→ Your assignment
Write out each entry below exactly. Do not include the images.
"""
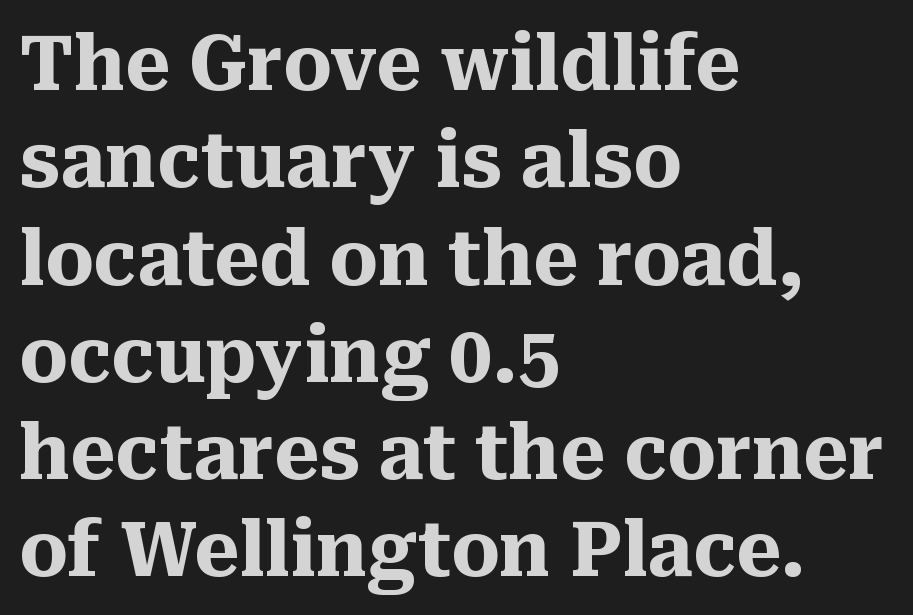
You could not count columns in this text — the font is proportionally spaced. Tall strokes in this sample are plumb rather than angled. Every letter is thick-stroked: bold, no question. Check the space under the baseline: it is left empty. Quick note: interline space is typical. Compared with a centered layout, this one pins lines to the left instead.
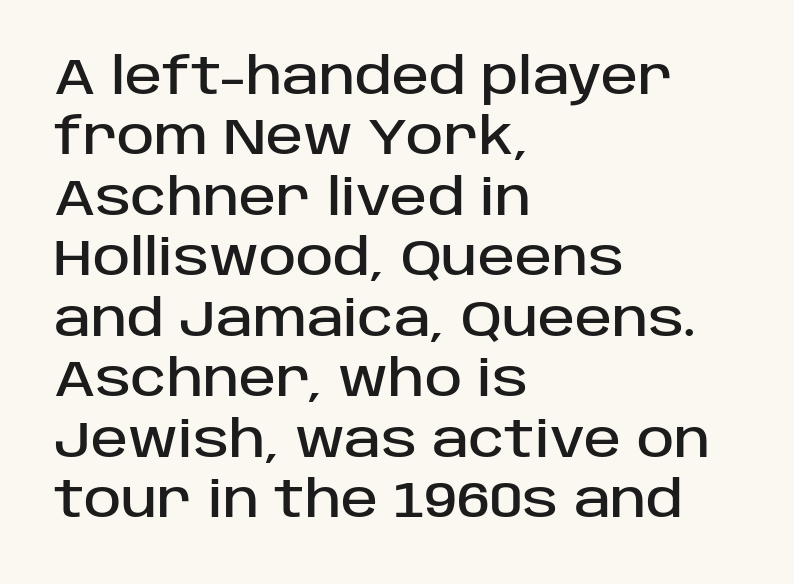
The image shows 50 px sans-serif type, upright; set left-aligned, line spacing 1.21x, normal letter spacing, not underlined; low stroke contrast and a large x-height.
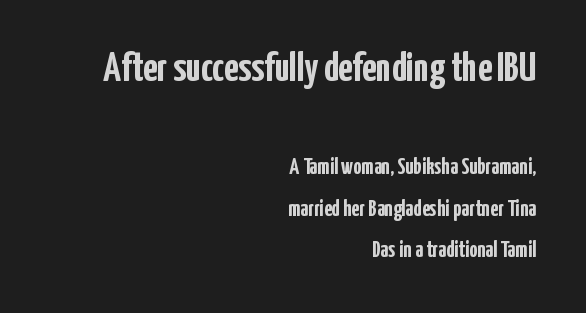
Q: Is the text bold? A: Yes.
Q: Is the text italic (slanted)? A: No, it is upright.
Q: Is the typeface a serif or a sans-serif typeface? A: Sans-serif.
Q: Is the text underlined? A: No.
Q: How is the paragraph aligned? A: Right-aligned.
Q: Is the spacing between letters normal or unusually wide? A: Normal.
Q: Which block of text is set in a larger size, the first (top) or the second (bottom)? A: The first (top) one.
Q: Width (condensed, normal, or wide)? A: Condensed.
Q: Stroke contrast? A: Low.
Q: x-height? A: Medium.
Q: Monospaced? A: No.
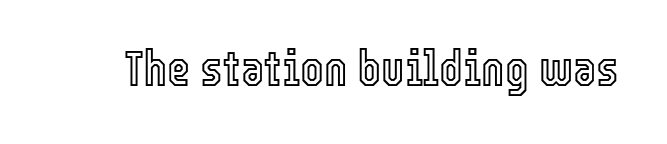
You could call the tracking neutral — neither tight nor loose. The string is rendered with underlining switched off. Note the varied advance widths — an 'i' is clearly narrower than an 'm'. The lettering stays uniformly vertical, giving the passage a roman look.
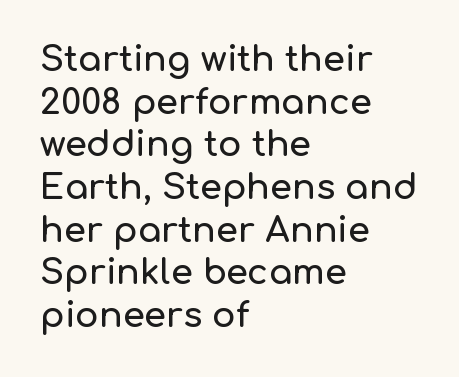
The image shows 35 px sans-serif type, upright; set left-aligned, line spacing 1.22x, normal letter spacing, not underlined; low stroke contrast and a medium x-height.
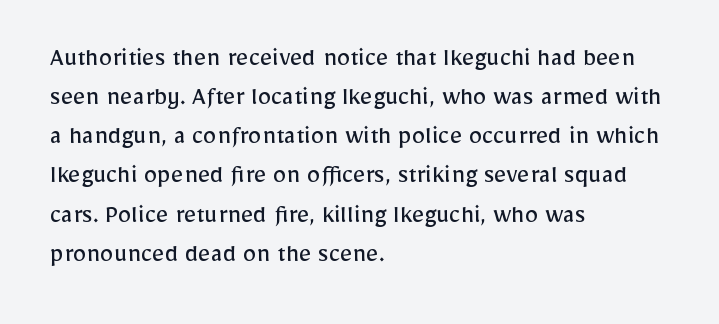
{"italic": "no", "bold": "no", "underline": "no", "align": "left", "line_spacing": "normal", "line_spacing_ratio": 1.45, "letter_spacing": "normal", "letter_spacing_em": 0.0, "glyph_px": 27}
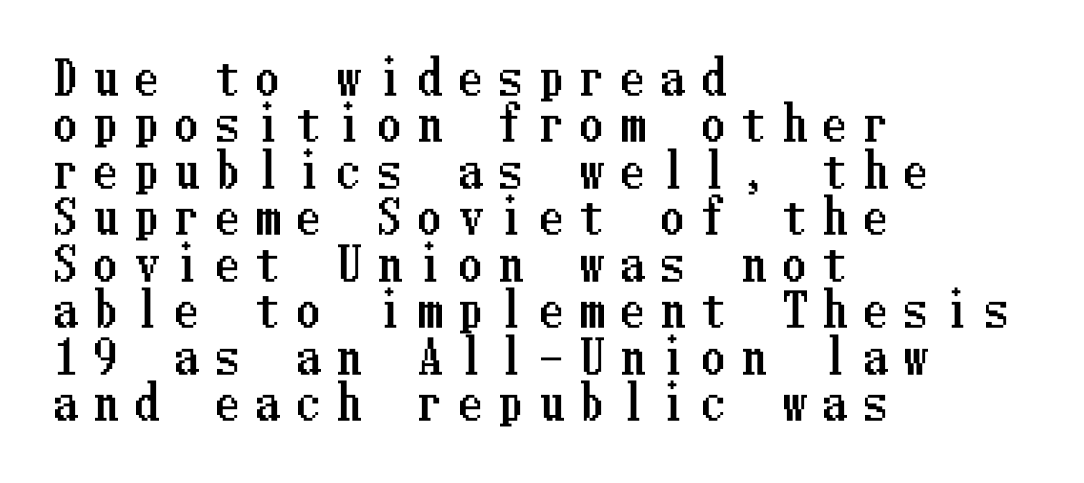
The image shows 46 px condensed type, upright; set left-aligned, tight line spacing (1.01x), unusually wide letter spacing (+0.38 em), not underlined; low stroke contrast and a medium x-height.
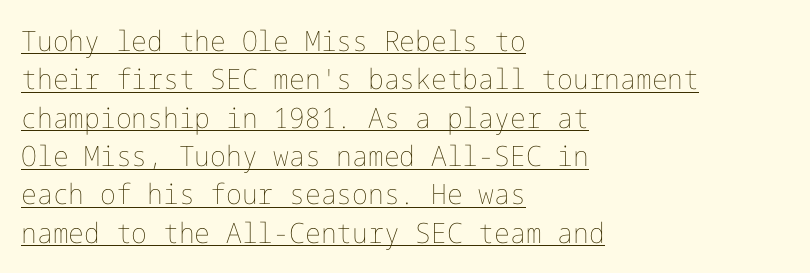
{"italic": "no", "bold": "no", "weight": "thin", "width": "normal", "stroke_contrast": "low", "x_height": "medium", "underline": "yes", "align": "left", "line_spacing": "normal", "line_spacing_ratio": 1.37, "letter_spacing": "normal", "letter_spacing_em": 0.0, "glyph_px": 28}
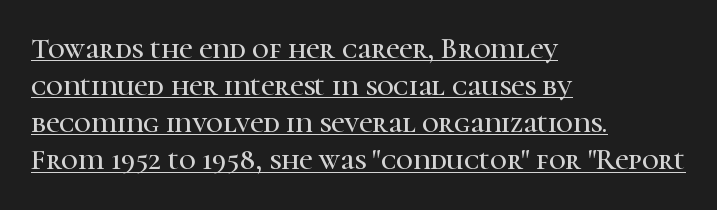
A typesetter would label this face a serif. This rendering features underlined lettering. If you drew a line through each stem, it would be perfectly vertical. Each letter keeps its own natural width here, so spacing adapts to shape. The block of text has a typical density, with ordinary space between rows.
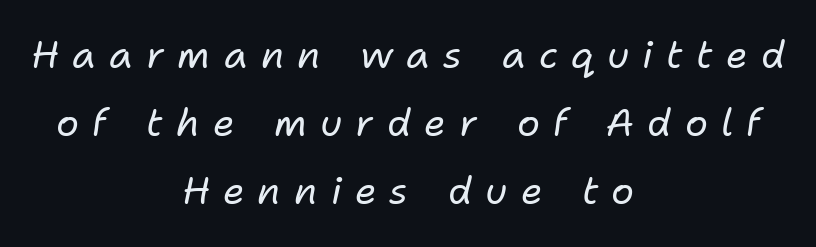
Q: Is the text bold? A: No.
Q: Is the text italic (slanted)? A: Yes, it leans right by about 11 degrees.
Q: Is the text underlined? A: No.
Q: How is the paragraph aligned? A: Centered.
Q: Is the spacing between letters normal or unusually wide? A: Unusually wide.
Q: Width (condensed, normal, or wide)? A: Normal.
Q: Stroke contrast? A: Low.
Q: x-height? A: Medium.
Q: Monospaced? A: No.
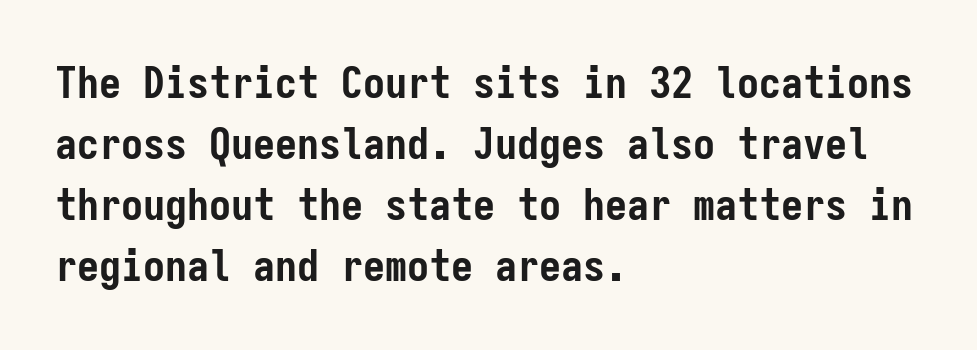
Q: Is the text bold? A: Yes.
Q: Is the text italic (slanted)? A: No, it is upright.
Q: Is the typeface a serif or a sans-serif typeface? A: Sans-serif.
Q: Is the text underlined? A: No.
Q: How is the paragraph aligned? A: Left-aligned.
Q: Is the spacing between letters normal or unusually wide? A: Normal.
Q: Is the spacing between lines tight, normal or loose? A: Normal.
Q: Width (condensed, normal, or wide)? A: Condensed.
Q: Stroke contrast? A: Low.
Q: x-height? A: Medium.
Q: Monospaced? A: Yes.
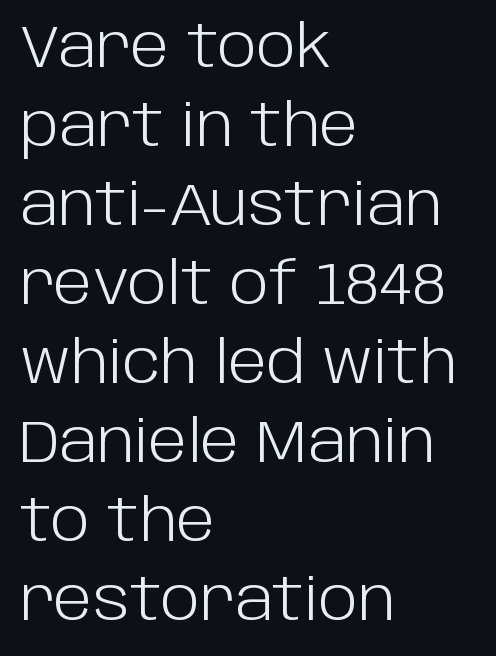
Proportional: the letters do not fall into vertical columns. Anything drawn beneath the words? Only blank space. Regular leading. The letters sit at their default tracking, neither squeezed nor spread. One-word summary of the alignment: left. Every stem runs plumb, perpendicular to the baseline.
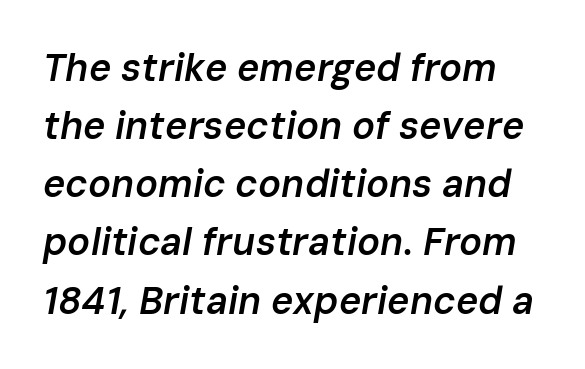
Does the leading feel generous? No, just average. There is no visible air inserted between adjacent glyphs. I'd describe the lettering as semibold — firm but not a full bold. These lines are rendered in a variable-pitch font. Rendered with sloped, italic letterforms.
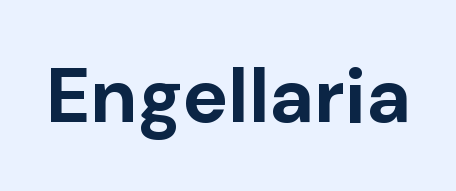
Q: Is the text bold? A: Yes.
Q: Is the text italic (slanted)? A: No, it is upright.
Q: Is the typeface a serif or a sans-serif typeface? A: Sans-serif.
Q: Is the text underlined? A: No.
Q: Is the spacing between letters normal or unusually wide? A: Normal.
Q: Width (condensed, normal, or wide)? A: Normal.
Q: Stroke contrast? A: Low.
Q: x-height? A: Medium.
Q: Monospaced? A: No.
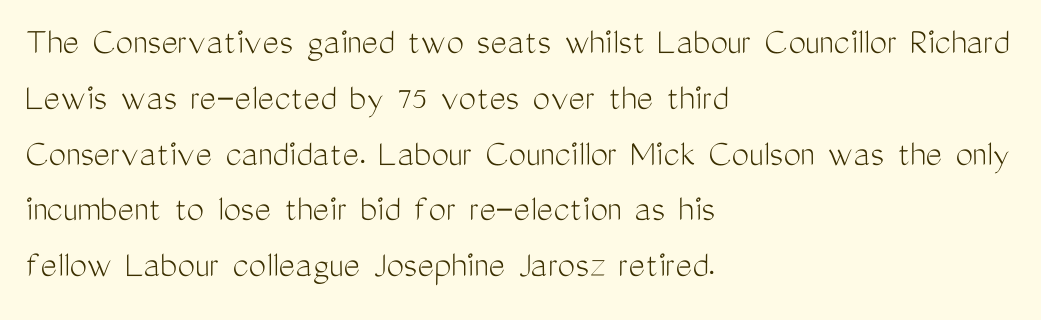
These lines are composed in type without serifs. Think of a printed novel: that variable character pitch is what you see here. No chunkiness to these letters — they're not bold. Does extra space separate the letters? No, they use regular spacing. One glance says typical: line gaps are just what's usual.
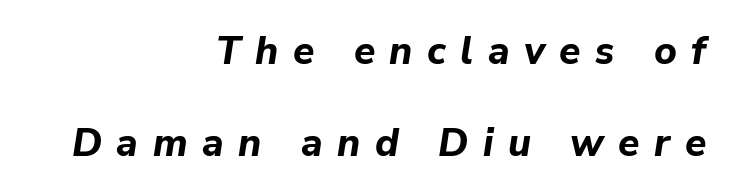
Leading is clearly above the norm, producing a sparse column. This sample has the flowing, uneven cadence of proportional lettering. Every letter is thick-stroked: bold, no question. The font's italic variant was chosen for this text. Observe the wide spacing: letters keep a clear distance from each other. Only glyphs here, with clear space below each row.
"""
→ Exercise solution
You could not count columns in this text — the font is proportionally spaced. Tall strokes in this sample are plumb rather than angled. Every letter is thick-stroked: bold, no question. Check the space under the baseline: it is left empty. Quick note: interline space is typical. Compared with a centered layout, this one pins lines to the left instead.
The image shows 50 px sans-serif type, upright; set left-aligned, line spacing 1.21x, normal letter spacing, not underlined; low stroke contrast and a large x-height.
Q: Is the text bold? A: Yes.
Q: Is the text italic (slanted)? A: No, it is upright.
Q: Is the typeface a serif or a sans-serif typeface? A: Sans-serif.
Q: Is the text underlined? A: No.
Q: How is the paragraph aligned? A: Right-aligned.
Q: Is the spacing between letters normal or unusually wide? A: Normal.
Q: Which block of text is set in a larger size, the first (top) or the second (bottom)? A: The first (top) one.
Q: Width (condensed, normal, or wide)? A: Condensed.
Q: Stroke contrast? A: Low.
Q: x-height? A: Medium.
Q: Monospaced? A: No.
You could call the tracking neutral — neither tight nor loose. The string is rendered with underlining switched off. Note the varied advance widths — an 'i' is clearly narrower than an 'm'. The lettering stays uniformly vertical, giving the passage a roman look.
The image shows 35 px sans-serif type, upright; set left-aligned, line spacing 1.22x, normal letter spacing, not underlined; low stroke contrast and a medium x-height.
{"italic": "no", "bold": "no", "underline": "no", "align": "left", "line_spacing": "normal", "line_spacing_ratio": 1.45, "letter_spacing": "normal", "letter_spacing_em": 0.0, "glyph_px": 27}
The image shows 46 px condensed type, upright; set left-aligned, tight line spacing (1.01x), unusually wide letter spacing (+0.38 em), not underlined; low stroke contrast and a medium x-height.
{"italic": "no", "bold": "no", "weight": "thin", "width": "normal", "stroke_contrast": "low", "x_height": "medium", "underline": "yes", "align": "left", "line_spacing": "normal", "line_spacing_ratio": 1.37, "letter_spacing": "normal", "letter_spacing_em": 0.0, "glyph_px": 28}
A typesetter would label this face a serif. This rendering features underlined lettering. If you drew a line through each stem, it would be perfectly vertical. Each letter keeps its own natural width here, so spacing adapts to shape. The block of text has a typical density, with ordinary space between rows.
Q: Is the text bold? A: No.
Q: Is the text italic (slanted)? A: Yes, it leans right by about 11 degrees.
Q: Is the text underlined? A: No.
Q: How is the paragraph aligned? A: Centered.
Q: Is the spacing between letters normal or unusually wide? A: Unusually wide.
Q: Width (condensed, normal, or wide)? A: Normal.
Q: Stroke contrast? A: Low.
Q: x-height? A: Medium.
Q: Monospaced? A: No.
Q: Is the text bold? A: Yes.
Q: Is the text italic (slanted)? A: No, it is upright.
Q: Is the typeface a serif or a sans-serif typeface? A: Sans-serif.
Q: Is the text underlined? A: No.
Q: How is the paragraph aligned? A: Left-aligned.
Q: Is the spacing between letters normal or unusually wide? A: Normal.
Q: Is the spacing between lines tight, normal or loose? A: Normal.
Q: Width (condensed, normal, or wide)? A: Condensed.
Q: Stroke contrast? A: Low.
Q: x-height? A: Medium.
Q: Monospaced? A: Yes.
Proportional: the letters do not fall into vertical columns. Anything drawn beneath the words? Only blank space. Regular leading. The letters sit at their default tracking, neither squeezed nor spread. One-word summary of the alignment: left. Every stem runs plumb, perpendicular to the baseline.
Does the leading feel generous? No, just average. There is no visible air inserted between adjacent glyphs. I'd describe the lettering as semibold — firm but not a full bold. These lines are rendered in a variable-pitch font. Rendered with sloped, italic letterforms.
Q: Is the text bold? A: Yes.
Q: Is the text italic (slanted)? A: No, it is upright.
Q: Is the typeface a serif or a sans-serif typeface? A: Sans-serif.
Q: Is the text underlined? A: No.
Q: Is the spacing between letters normal or unusually wide? A: Normal.
Q: Width (condensed, normal, or wide)? A: Normal.
Q: Stroke contrast? A: Low.
Q: x-height? A: Medium.
Q: Monospaced? A: No.
These lines are composed in type without serifs. Think of a printed novel: that variable character pitch is what you see here. No chunkiness to these letters — they're not bold. Does extra space separate the letters? No, they use regular spacing. One glance says typical: line gaps are just what's usual.
Leading is clearly above the norm, producing a sparse column. This sample has the flowing, uneven cadence of proportional lettering. Every letter is thick-stroked: bold, no question. The font's italic variant was chosen for this text. Observe the wide spacing: letters keep a clear distance from each other. Only glyphs here, with clear space below each row.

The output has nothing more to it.